More cross-referential candy packaging. Toothpaste tube & band-aid tin—candy packaging that would look right at home in your medicine cabinet.
Which set me to thinking about how candy is so often shaped like pills and capsules. Why do we conflate candy and medicine?
To help parents persuade children to take their medicine, manufacturers have (for a long time) added sugar to it, making it more palatable and candy-like. As Mary Poppins sang, “A spoonful of sugar makes the medicine go down.”
Pretend doctor kits from the fifties, in addition to plastic stethoscopes, frequently featured bottles of candy “play medicine” like this vintage “Country Doctor” kit from Ebay.
When my youngest brother was still a toddler—before the introduction of child-resistant caps—he helped himself to a bottle of children’s chewable, orange-flavored Bayer aspirin. Luckily, our quick-thinking baby-sitter discovered him and (with her finger down his throat) helped him to throw it all up into the toilet.
That close call must have been sometime in the early to mid-1960s. In 1970 our US congress passed the “Poisons Prevention Packaging Act” (PPPA) which requires that products, potentially harmful to children, be packaged in a child resistant manner.
Interesting, the term child resistant. Like a lot of people, I’ve been calling those caps “child-proof” and therein lies one of the reasons why child-resistant caps have turned out not to be the life-saving safety measure they were intended to be.
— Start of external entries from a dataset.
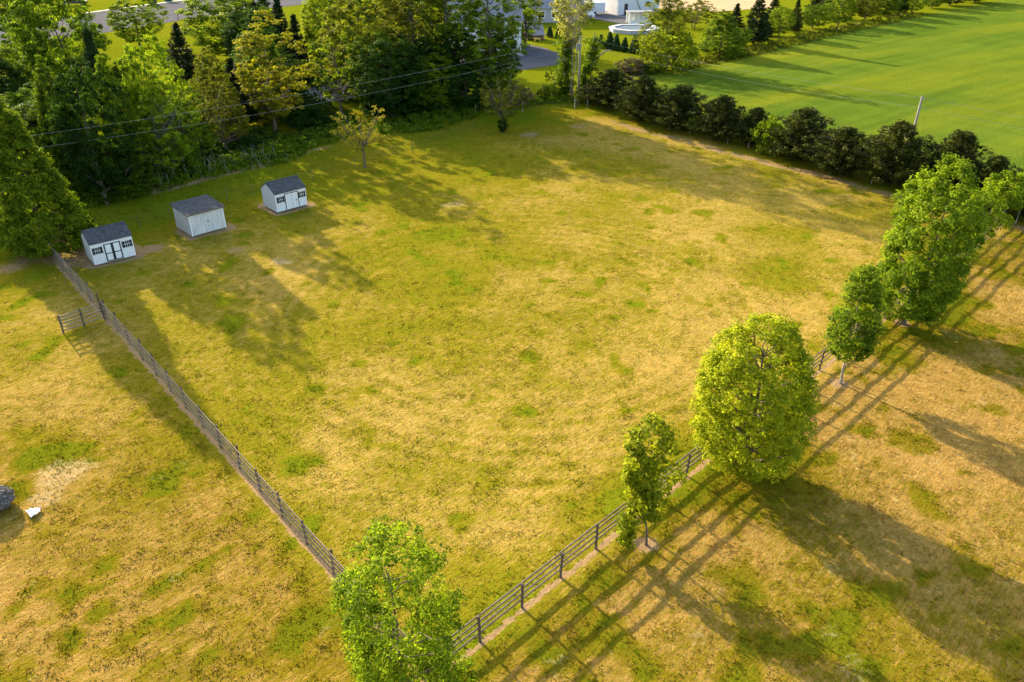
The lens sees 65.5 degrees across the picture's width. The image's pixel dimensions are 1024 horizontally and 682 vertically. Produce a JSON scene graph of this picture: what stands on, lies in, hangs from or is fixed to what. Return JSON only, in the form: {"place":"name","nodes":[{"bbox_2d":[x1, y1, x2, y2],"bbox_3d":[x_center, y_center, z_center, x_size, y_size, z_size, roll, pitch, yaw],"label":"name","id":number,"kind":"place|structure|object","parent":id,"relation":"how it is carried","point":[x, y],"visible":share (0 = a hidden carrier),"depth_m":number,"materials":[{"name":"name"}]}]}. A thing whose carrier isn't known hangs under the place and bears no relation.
{"place":"outdoors","nodes":[
{"label":"outdoors","id":0,"kind":"place"},
{"bbox_2d":[0,0,306,43],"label":"road","id":1,"kind":"structure","parent":0,"point":[100,17],"depth_m":179.13,"materials":[{"name":"asphalt"}]},
{"bbox_2d":[445,0,523,55],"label":"white house","id":2,"kind":"structure","parent":0,"point":[519,12],"depth_m":136.90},
{"bbox_2d":[0,0,1023,681],"bbox_3d":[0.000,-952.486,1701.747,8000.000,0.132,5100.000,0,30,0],"label":"ground","id":3,"kind":"structure","parent":0,"point":[776,182],"depth_m":44.53,"materials":[{"name":"plant"}]},
{"bbox_2d":[0,484,14,510],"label":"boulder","id":4,"kind":"object","parent":3,"relation":"on","point":[7,497],"visible":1,"depth_m":37.94,"materials":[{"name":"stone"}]},
{"bbox_2d":[0,54,33,102],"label":"understorey tree","id":5,"kind":"object","parent":3,"relation":"on","point":[15,75],"visible":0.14,"depth_m":84.30,"materials":[{"name":"green plant"}]},
{"bbox_2d":[0,13,34,78],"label":"broadleaf tree","id":6,"kind":"object","parent":3,"relation":"on","point":[4,42],"visible":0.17,"depth_m":110.33,"materials":[{"name":"green plant"}]},
{"bbox_2d":[1,82,56,133],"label":"understorey tree","id":7,"kind":"object","parent":3,"relation":"on","point":[13,96],"visible":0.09,"depth_m":79.57,"materials":[{"name":"green plant"}]},
{"bbox_2d":[0,0,60,44],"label":"broadleaf tree","id":8,"kind":"object","parent":3,"relation":"on","point":[6,10],"visible":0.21,"depth_m":138.57,"materials":[{"name":"green plant"}]},
{"bbox_2d":[0,42,64,103],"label":"understorey tree","id":9,"kind":"object","parent":3,"relation":"on","point":[31,53],"visible":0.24,"depth_m":87.87,"materials":[{"name":"green plant"}]},
{"bbox_2d":[0,94,97,259],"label":"broadleaf tree","id":10,"kind":"object","parent":3,"relation":"on","point":[42,180],"visible":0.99,"depth_m":61.23,"materials":[{"name":"green plant"}]},
{"bbox_2d":[24,75,76,181],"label":"broadleaf tree","id":11,"kind":"object","parent":3,"relation":"on","point":[32,113],"visible":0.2,"depth_m":72.27,"materials":[{"name":"green plant"}]},
{"bbox_2d":[10,93,90,167],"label":"understorey tree","id":12,"kind":"object","parent":3,"relation":"on","point":[23,108],"visible":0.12,"depth_m":75.65,"materials":[{"name":"green plant"}]},
{"bbox_2d":[4,0,111,96],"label":"broadleaf tree","id":13,"kind":"object","parent":3,"relation":"on","point":[30,20],"visible":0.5,"depth_m":90.83,"materials":[{"name":"green plant"}]},
{"bbox_2d":[31,54,91,191],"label":"broadleaf tree","id":14,"kind":"object","parent":3,"relation":"on","point":[43,98],"visible":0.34,"depth_m":72.02,"materials":[{"name":"green plant"}]},
{"bbox_2d":[44,242,101,311],"bbox_3d":[-33.039,-5.203,59.566,0.209,1.554,13.605,-23,37,-34],"label":"board fence","id":15,"kind":"object","parent":3,"relation":"on","point":[77,278],"visible":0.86,"depth_m":58.27,"materials":[{"name":"wood"}]},
{"bbox_2d":[45,56,141,204],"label":"broadleaf tree","id":16,"kind":"object","parent":3,"relation":"on","point":[98,176],"visible":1,"depth_m":69.80,"materials":[{"name":"green plant"}]},
{"bbox_2d":[80,221,135,265],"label":"garden shed","id":17,"kind":"structure","parent":3,"relation":"on","point":[108,243],"depth_m":62.26,"materials":[{"name":"white"}]},
{"bbox_2d":[56,140,160,201],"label":"undergrowth","id":18,"kind":"object","parent":3,"relation":"on","point":[124,187],"visible":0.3,"depth_m":74.06,"materials":[{"name":"green plant"}]},
{"bbox_2d":[82,26,143,156],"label":"evergreen tree","id":19,"kind":"object","parent":3,"relation":"on","point":[91,51],"visible":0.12,"depth_m":76.19,"materials":[{"name":"green plant"}]},
{"bbox_2d":[87,54,162,183],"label":"broadleaf tree","id":20,"kind":"object","parent":3,"relation":"on","point":[100,65],"visible":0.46,"depth_m":75.55,"materials":[{"name":"green plant"}]},
{"bbox_2d":[104,0,169,46],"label":"broadleaf tree","id":21,"kind":"object","parent":3,"relation":"on","point":[136,22],"visible":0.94,"depth_m":141.18,"materials":[{"name":"green plant"}]},
{"bbox_2d":[115,34,189,154],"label":"broadleaf tree","id":22,"kind":"object","parent":3,"relation":"on","point":[135,90],"visible":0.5,"depth_m":78.87,"materials":[{"name":"green plant"}]},
{"bbox_2d":[130,61,203,175],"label":"broadleaf tree","id":23,"kind":"object","parent":3,"relation":"on","point":[161,141],"visible":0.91,"depth_m":77.21,"materials":[{"name":"green plant"}]},
{"bbox_2d":[155,134,205,175],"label":"broadleaf tree","id":24,"kind":"object","parent":3,"relation":"on","point":[174,151],"visible":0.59,"depth_m":79.29,"materials":[{"name":"green plant"}]},
{"bbox_2d":[165,22,202,82],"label":"evergreen tree","id":25,"kind":"object","parent":3,"relation":"on","point":[179,40],"visible":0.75,"depth_m":116.09,"materials":[{"name":"green plant"}]},
{"bbox_2d":[169,194,225,236],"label":"garden shed","id":26,"kind":"structure","parent":3,"relation":"on","point":[198,215],"depth_m":67.53,"materials":[{"name":"wood"}]},
{"bbox_2d":[180,112,216,160],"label":"broadleaf tree","id":27,"kind":"object","parent":3,"relation":"on","point":[202,129],"visible":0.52,"depth_m":82.86,"materials":[{"name":"green plant"}]},
{"bbox_2d":[191,45,236,117],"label":"broadleaf tree","id":28,"kind":"object","parent":3,"relation":"on","point":[208,71],"visible":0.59,"depth_m":89.59,"materials":[{"name":"green plant"}]},
{"bbox_2d":[178,56,252,148],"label":"broadleaf tree","id":29,"kind":"object","parent":3,"relation":"on","point":[217,122],"visible":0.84,"depth_m":84.50,"materials":[{"name":"green plant"}]},
{"bbox_2d":[174,0,271,56],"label":"broadleaf tree","id":30,"kind":"object","parent":3,"relation":"on","point":[217,45],"visible":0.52,"depth_m":126.84,"materials":[{"name":"green plant"}]},
{"bbox_2d":[215,91,249,132],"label":"broadleaf tree","id":31,"kind":"object","parent":3,"relation":"on","point":[232,98],"visible":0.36,"depth_m":88.63,"materials":[{"name":"green plant"}]},
{"bbox_2d":[213,57,259,122],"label":"evergreen tree","id":32,"kind":"object","parent":3,"relation":"on","point":[229,68],"visible":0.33,"depth_m":95.14,"materials":[{"name":"green plant"}]},
{"bbox_2d":[218,1,280,53],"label":"understorey tree","id":33,"kind":"object","parent":3,"relation":"on","point":[231,29],"visible":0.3,"depth_m":119.98,"materials":[{"name":"green plant"}]},
{"bbox_2d":[228,10,288,82],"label":"understorey tree","id":34,"kind":"object","parent":3,"relation":"on","point":[248,19],"visible":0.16,"depth_m":110.79,"materials":[{"name":"green plant"}]},
{"bbox_2d":[221,50,307,92],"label":"understorey tree","id":35,"kind":"object","parent":3,"relation":"on","point":[293,62],"visible":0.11,"depth_m":106.30,"materials":[{"name":"green plant"}]},
{"bbox_2d":[100,299,430,673],"bbox_3d":[-15.449,4.995,41.910,0.244,1.547,37.908,-23,37,-34],"label":"board fence","id":36,"kind":"object","parent":3,"relation":"on","point":[302,525],"visible":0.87,"depth_m":40.24,"materials":[{"name":"wood"}]},
{"bbox_2d":[57,302,104,333],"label":"farm gate","id":37,"kind":"structure","parent":36,"relation":"attached to","point":[83,323],"depth_m":53.31,"materials":[{"name":"grey wood"}]},
{"bbox_2d":[239,26,295,99],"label":"understorey tree","id":38,"kind":"object","parent":3,"relation":"on","point":[271,52],"visible":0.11,"depth_m":99.83,"materials":[{"name":"green plant"}]},
{"bbox_2d":[232,9,320,134],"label":"broadleaf tree","id":39,"kind":"object","parent":3,"relation":"on","point":[285,79],"visible":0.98,"depth_m":89.25,"materials":[{"name":"plant"}]},
{"bbox_2d":[71,103,487,208],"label":"weeds","id":40,"kind":"object","parent":3,"relation":"on","point":[417,124],"visible":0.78,"depth_m":87.61,"materials":[{"name":"green plant"}]},
{"bbox_2d":[71,73,494,199],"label":"undergrowth","id":41,"kind":"object","parent":3,"relation":"on","point":[256,135],"visible":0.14,"depth_m":94.27,"materials":[{"name":"green plant"}]},
{"bbox_2d":[260,175,306,212],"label":"garden shed","id":42,"kind":"structure","parent":3,"relation":"on","point":[283,194],"depth_m":72.19,"materials":[{"name":"white"}]},
{"bbox_2d":[270,0,297,61],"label":"evergreen tree","id":43,"kind":"object","parent":3,"relation":"on","point":[277,9],"visible":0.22,"depth_m":119.67,"materials":[{"name":"green plant"}]},
{"bbox_2d":[244,62,332,128],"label":"understorey tree","id":44,"kind":"object","parent":3,"relation":"on","point":[307,111],"visible":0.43,"depth_m":95.53,"materials":[{"name":"green plant"}]},
{"bbox_2d":[286,13,319,82],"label":"evergreen tree","id":45,"kind":"object","parent":3,"relation":"on","point":[294,27],"visible":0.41,"depth_m":113.55,"materials":[{"name":"green plant"}]},
{"bbox_2d":[299,0,337,68],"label":"broadleaf tree","id":46,"kind":"object","parent":3,"relation":"on","point":[305,16],"visible":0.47,"depth_m":122.79,"materials":[{"name":"green plant"}]},
{"bbox_2d":[307,0,370,56],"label":"broadleaf tree","id":47,"kind":"object","parent":3,"relation":"on","point":[338,19],"visible":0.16,"depth_m":130.51,"materials":[{"name":"green plant"}]},
{"bbox_2d":[302,34,375,113],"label":"broadleaf tree","id":48,"kind":"object","parent":3,"relation":"on","point":[318,80],"visible":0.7,"depth_m":96.98,"materials":[{"name":"green plant"}]},
{"bbox_2d":[329,105,389,167],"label":"budding tree","id":49,"kind":"object","parent":3,"relation":"on","point":[372,136],"visible":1,"depth_m":81.61,"materials":[{"name":"green plant"}]},
{"bbox_2d":[316,0,412,92],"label":"broadleaf tree","id":50,"kind":"object","parent":3,"relation":"on","point":[326,30],"visible":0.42,"depth_m":101.69,"materials":[{"name":"green plant"}]},
{"bbox_2d":[342,31,406,107],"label":"understorey tree","id":51,"kind":"object","parent":3,"relation":"on","point":[351,61],"visible":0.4,"depth_m":98.53,"materials":[{"name":"green plant"}]},
{"bbox_2d":[351,38,428,116],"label":"broadleaf tree","id":52,"kind":"object","parent":3,"relation":"on","point":[393,91],"visible":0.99,"depth_m":95.72,"materials":[{"name":"green plant"}]},
{"bbox_2d":[355,0,435,38],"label":"broadleaf tree","id":53,"kind":"object","parent":3,"relation":"on","point":[405,11],"visible":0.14,"depth_m":128.10,"materials":[{"name":"green plant"}]},
{"bbox_2d":[329,513,479,681],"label":"young tree","id":54,"kind":"object","parent":3,"relation":"on","point":[408,650],"visible":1,"depth_m":25.26,"materials":[{"name":"green plant"}]},
{"bbox_2d":[372,0,459,69],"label":"broadleaf tree","id":55,"kind":"object","parent":3,"relation":"on","point":[417,13],"visible":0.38,"depth_m":103.74,"materials":[{"name":"green plant"}]},
{"bbox_2d":[397,37,454,108],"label":"understorey tree","id":56,"kind":"object","parent":3,"relation":"on","point":[419,51],"visible":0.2,"depth_m":101.87,"materials":[{"name":"green plant"}]},
{"bbox_2d":[411,64,441,110],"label":"broadleaf tree","id":57,"kind":"object","parent":3,"relation":"on","point":[421,94],"visible":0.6,"depth_m":100.68,"materials":[{"name":"green plant"}]},
{"bbox_2d":[409,52,461,109],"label":"broadleaf tree","id":58,"kind":"object","parent":3,"relation":"on","point":[444,100],"visible":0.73,"depth_m":100.89,"materials":[{"name":"green plant"}]},
{"bbox_2d":[431,28,478,100],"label":"understorey tree","id":59,"kind":"object","parent":3,"relation":"on","point":[457,46],"visible":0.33,"depth_m":102.99,"materials":[{"name":"green plant"}]},
{"bbox_2d":[418,0,496,85],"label":"broadleaf tree","id":60,"kind":"object","parent":3,"relation":"on","point":[446,27],"visible":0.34,"depth_m":102.94,"materials":[{"name":"green plant"}]},
{"bbox_2d":[441,62,488,108],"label":"broadleaf tree","id":61,"kind":"object","parent":3,"relation":"on","point":[474,96],"visible":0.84,"depth_m":100.85,"materials":[{"name":"green plant"}]},
{"bbox_2d":[448,0,537,107],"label":"broadleaf tree","id":62,"kind":"object","parent":3,"relation":"on","point":[489,40],"visible":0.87,"depth_m":100.68,"materials":[{"name":"green plant"}]},
{"bbox_2d":[427,43,561,72],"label":"parking yard","id":63,"kind":"structure","parent":3,"relation":"on","point":[546,59],"depth_m":134.69,"materials":[{"name":"asphalt"}]},
{"bbox_2d":[519,0,543,48],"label":"broadleaf tree","id":64,"kind":"object","parent":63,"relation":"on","point":[529,19],"visible":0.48,"depth_m":139.75,"materials":[{"name":"green plant"}]},
{"bbox_2d":[473,70,528,131],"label":"budding tree","id":65,"kind":"object","parent":3,"relation":"on","point":[502,104],"visible":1,"depth_m":93.28,"materials":[{"name":"green plant"}]},
{"bbox_2d":[483,6,521,100],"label":"broadleaf tree","id":66,"kind":"object","parent":3,"relation":"on","point":[517,59],"visible":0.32,"depth_m":104.45,"materials":[{"name":"green plant"}]},
{"bbox_2d":[503,83,536,105],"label":"shrub","id":67,"kind":"object","parent":3,"relation":"on","point":[527,94],"visible":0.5,"depth_m":105.25,"materials":[{"name":"green plant"}]},
{"bbox_2d":[519,93,590,106],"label":"weeds","id":68,"kind":"object","parent":3,"relation":"on","point":[552,98],"visible":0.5,"depth_m":107.74,"materials":[{"name":"green plant"}]},
{"bbox_2d":[549,0,610,98],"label":"pale tree","id":69,"kind":"object","parent":3,"relation":"on","point":[565,82],"visible":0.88,"depth_m":106.21,"materials":[{"name":"green plant"}]},
{"bbox_2d":[568,68,643,108],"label":"cedar","id":70,"kind":"object","parent":3,"relation":"on","point":[603,91],"visible":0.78,"depth_m":104.00,"materials":[{"name":"green plant"}]},
{"bbox_2d":[593,13,625,23],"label":"farm yard","id":71,"kind":"structure","parent":3,"relation":"on","point":[613,18],"depth_m":175.19,"materials":[{"name":"concrete"}]},
{"bbox_2d":[584,0,658,14],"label":"barn","id":72,"kind":"structure","parent":71,"relation":"on","point":[617,7],"depth_m":179.20,"materials":[{"name":"white metal"}]},
{"bbox_2d":[613,56,647,74],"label":"shrub","id":73,"kind":"object","parent":3,"relation":"on","point":[639,63],"visible":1,"depth_m":123.13,"materials":[{"name":"green plant"}]},
{"bbox_2d":[608,24,659,33],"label":"pool","id":74,"kind":"structure","parent":3,"relation":"on","point":[626,28],"depth_m":158.68,"materials":[{"name":"plastic"}]},
{"bbox_2d":[626,10,652,23],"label":"porch shelter","id":75,"kind":"object","parent":3,"relation":"on","point":[634,17],"visible":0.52,"depth_m":167.68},
{"bbox_2d":[611,74,670,120],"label":"cedar","id":76,"kind":"object","parent":3,"relation":"on","point":[647,88],"visible":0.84,"depth_m":97.75,"materials":[{"name":"green plant"}]},
{"bbox_2d":[615,412,687,551],"bbox_3d":[5.954,6.101,34.559,3.566,6.886,2.322,-15,33,-24],"label":"young tree","id":77,"kind":"object","parent":3,"relation":"on","point":[643,484],"visible":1,"depth_m":33.80,"materials":[{"name":"green plant"}]},
{"bbox_2d":[633,0,691,61],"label":"broadleaf tree","id":78,"kind":"object","parent":3,"relation":"on","point":[668,11],"visible":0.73,"depth_m":126.28,"materials":[{"name":"green plant"}]},
{"bbox_2d":[635,26,701,72],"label":"shrub","id":79,"kind":"object","parent":3,"relation":"on","point":[682,56],"visible":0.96,"depth_m":123.29,"materials":[{"name":"green plant"}]},
{"bbox_2d":[633,83,716,130],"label":"cedar","id":80,"kind":"object","parent":3,"relation":"on","point":[682,105],"visible":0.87,"depth_m":94.59,"materials":[{"name":"green plant"}]},
{"bbox_2d":[675,0,720,27],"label":"broadleaf tree","id":81,"kind":"object","parent":3,"relation":"on","point":[700,13],"visible":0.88,"depth_m":159.71,"materials":[{"name":"green plant"}]},
{"bbox_2d":[683,94,751,140],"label":"cedar","id":82,"kind":"object","parent":3,"relation":"on","point":[721,112],"visible":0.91,"depth_m":90.53,"materials":[{"name":"green plant"}]},
{"bbox_2d":[433,210,1009,675],"bbox_3d":[20.530,0.327,49.988,66.529,1.552,0.240,-27,39,-38],"label":"board fence","id":83,"kind":"object","parent":3,"relation":"on","point":[561,554],"visible":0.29,"depth_m":33.92,"materials":[{"name":"wood"}]},
{"bbox_2d":[697,9,748,56],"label":"broadleaf tree","id":84,"kind":"object","parent":3,"relation":"on","point":[718,40],"visible":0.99,"depth_m":134.66,"materials":[{"name":"green plant"}]},
{"bbox_2d":[728,106,778,144],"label":"cedar","id":85,"kind":"object","parent":3,"relation":"on","point":[756,115],"visible":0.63,"depth_m":89.02,"materials":[{"name":"green plant"}]},
{"bbox_2d":[739,0,771,43],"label":"evergreen tree","id":86,"kind":"object","parent":3,"relation":"on","point":[762,29],"visible":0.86,"depth_m":144.49,"materials":[{"name":"green plant"}]},
{"bbox_2d":[689,311,822,483],"bbox_3d":[11.636,2.753,38.144,6.217,9.112,6.499,0,30,0],"label":"round tree","id":87,"kind":"object","parent":3,"relation":"on","point":[776,424],"visible":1,"depth_m":36.81,"materials":[{"name":"green plant"}]},
{"bbox_2d":[750,113,785,155],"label":"sapling","id":88,"kind":"object","parent":3,"relation":"on","point":[769,124],"visible":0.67,"depth_m":86.15,"materials":[{"name":"green plant"}]},
{"bbox_2d":[622,10,927,75],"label":"weeds","id":89,"kind":"object","parent":3,"relation":"on","point":[753,46],"visible":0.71,"depth_m":146.90,"materials":[{"name":"green plant"}]},
{"bbox_2d":[767,6,796,36],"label":"broadleaf tree","id":90,"kind":"object","parent":3,"relation":"on","point":[776,24],"visible":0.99,"depth_m":151.51,"materials":[{"name":"green plant"}]},
{"bbox_2d":[760,106,837,161],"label":"cedar","id":91,"kind":"object","parent":3,"relation":"on","point":[794,135],"visible":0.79,"depth_m":83.88,"materials":[{"name":"green plant"}]},
{"bbox_2d":[797,3,838,27],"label":"broadleaf tree","id":92,"kind":"object","parent":3,"relation":"on","point":[809,17],"visible":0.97,"depth_m":160.24,"materials":[{"name":"green plant"}]},
{"bbox_2d":[790,126,877,177],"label":"cedar","id":93,"kind":"object","parent":3,"relation":"on","point":[844,140],"visible":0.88,"depth_m":79.73,"materials":[{"name":"green plant"}]},
{"bbox_2d":[820,0,856,24],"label":"broadleaf tree","id":94,"kind":"object","parent":3,"relation":"on","point":[851,13],"visible":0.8,"depth_m":163.74,"materials":[{"name":"green plant"}]},
{"bbox_2d":[821,262,889,383],"bbox_3d":[19.581,-0.859,45.504,3.399,7.983,3.768,21,36,31],"label":"young tree","id":95,"kind":"object","parent":3,"relation":"on","point":[846,346],"visible":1,"depth_m":44.78,"materials":[{"name":"green plant"}]},
{"bbox_2d":[852,0,885,19],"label":"broadleaf tree","id":96,"kind":"object","parent":3,"relation":"on","point":[860,13],"visible":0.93,"depth_m":170.84,"materials":[{"name":"green plant"}]},
{"bbox_2d":[846,119,941,185],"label":"cedar","id":97,"kind":"object","parent":3,"relation":"on","point":[892,157],"visible":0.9,"depth_m":76.47,"materials":[{"name":"green plant"}]},
{"bbox_2d":[870,152,992,327],"bbox_3d":[26.696,-6.332,51.437,6.357,11.562,7.295,0,30,0],"label":"tall tree","id":98,"kind":"object","parent":3,"relation":"on","point":[926,299],"visible":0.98,"depth_m":50.11,"materials":[{"name":"green plant"}]},
{"bbox_2d":[907,129,1003,197],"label":"cedar","id":99,"kind":"object","parent":3,"relation":"on","point":[964,145],"visible":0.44,"depth_m":73.43,"materials":[{"name":"green plant"}]},
{"bbox_2d":[952,189,1014,255],"bbox_3d":[36.243,-8.979,62.064,4.219,5.489,4.390,-25,39,-37],"label":"young tree","id":100,"kind":"object","parent":3,"relation":"on","point":[1003,220],"visible":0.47,"depth_m":60.91,"materials":[{"name":"green plant"}]},
{"bbox_2d":[950,155,1023,208],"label":"cedar","id":101,"kind":"object","parent":3,"relation":"on","point":[998,164],"visible":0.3,"depth_m":71.34,"materials":[{"name":"green plant"}]},
{"bbox_2d":[981,170,1023,211],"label":"young tree","id":102,"kind":"object","parent":3,"relation":"on","point":[1008,195],"visible":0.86,"depth_m":67.69,"materials":[{"name":"green plant"}]},
{"bbox_2d":[523,0,586,22],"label":"farm house","id":103,"kind":"structure","parent":0,"point":[546,10],"depth_m":168.29,"materials":[{"name":"grey"}]},
{"bbox_2d":[659,0,773,11],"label":"fallow field","id":104,"kind":"structure","parent":0,"point":[726,5],"depth_m":193.66,"materials":[{"name":"soil"}]},
{"bbox_2d":[650,0,1023,173],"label":"crop field","id":105,"kind":"structure","parent":0,"point":[970,57],"depth_m":121.56,"materials":[{"name":"plant"}]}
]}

In an article from the 1984 issue of American Economic Review, “The Lulling Effect: The Impact of Child-Resistant Packaging on Aspirin and Analgesic Ingestions,” economist, Kip Viscusi [1] cites an unfortunate, unforeseen effect of the PPPA regulations in leading consumers to overestimate a package’s safety. In a 2007 interview, Viscusi had this to say about safety caps:
In the case of safety caps… there were mandatory safety cap requirements on aspirin and other potentially dangerous products that children might try to get into. So what happened? Because parents thought the safety caps made them risk-free — in fact, they were first called “childproof” caps by the Consumer Product Safety Commission — people started leaving the bottles around in the open rather than storing them, giving kids greater access. In some cases, people left the caps off altogether because they were so hard to grapple with every time you wanted to open the bottle.
Spring 2007, Region Focus
(Region Focus is the quarterly magazine of the Federal Reserve Bank of Richmond)
A 2005 CBS News feature (link to video clip here) showed how easy it was for children to open a
wide range of supposedly child-resistant packaging. Calling this type
of cap “child-proof,” is the sort of misnomer that may mislead parents
into dropping their guard.
Are we underestimating our children’s ability to open tricky packaging, if we trust child-resistant caps? Part of the problem is that candy and pharmaceuticals have been so historically intertwined [2] that children naturally tend to confuse the two.
(More after the jump…)
Candy manufacturers, hoping to capitalize on childhood “pretend play,” often package candy to resemble other things. Sometimes this is harmless, as when candy looks like another type of food—(candy as soda pop, for example). But sometimes the possibility of childhood confusion has more serious ramifications.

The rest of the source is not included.